# AIM OF THE EXERCISE
Would you please write out each of the entries below exactly, omitting pictures?

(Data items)
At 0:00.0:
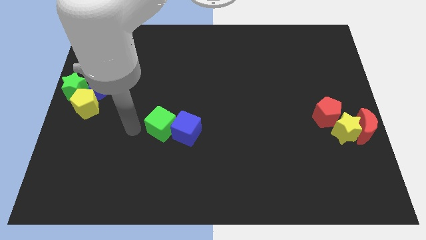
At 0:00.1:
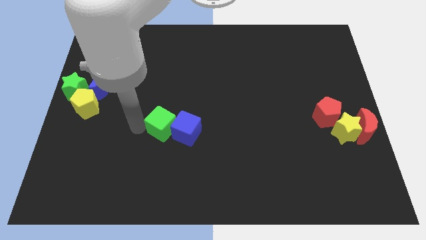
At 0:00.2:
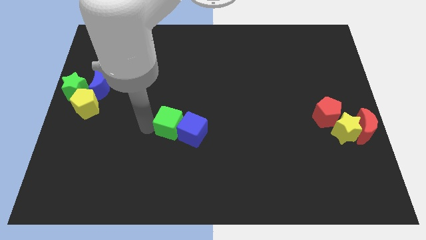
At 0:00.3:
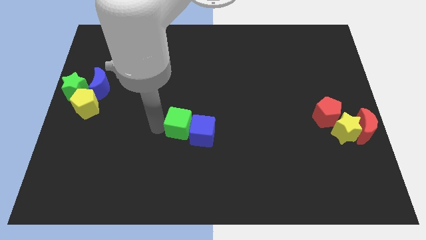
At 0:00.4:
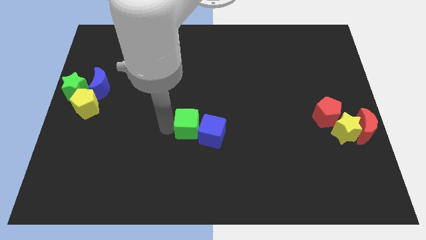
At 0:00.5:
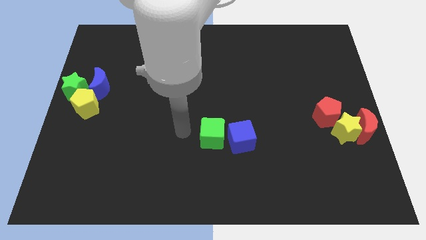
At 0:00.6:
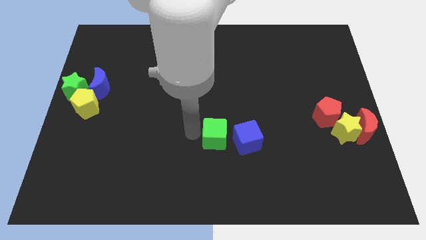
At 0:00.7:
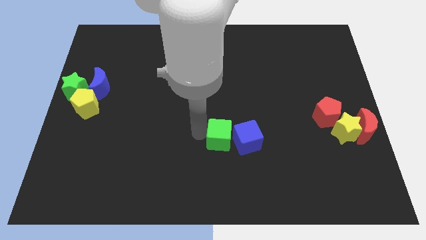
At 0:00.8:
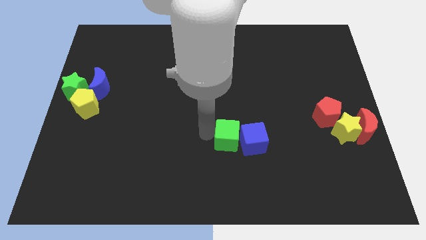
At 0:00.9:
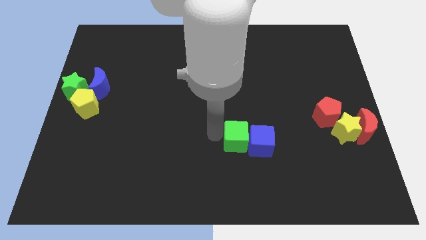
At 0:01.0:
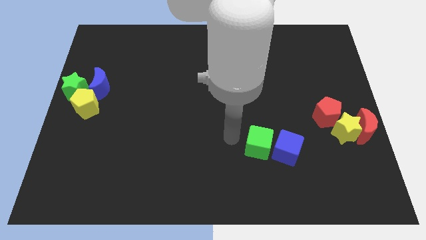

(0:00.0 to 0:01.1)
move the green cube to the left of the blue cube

# EXERCISE ANSWER
At 0:00.0:
At 0:00.1:
At 0:00.2:
At 0:00.3:
At 0:00.4:
At 0:00.5:
At 0:00.6:
At 0:00.7:
At 0:00.8:
At 0:00.9:
At 0:01.0:

(0:00.0 to 0:01.1)
move the green cube to the left of the blue cube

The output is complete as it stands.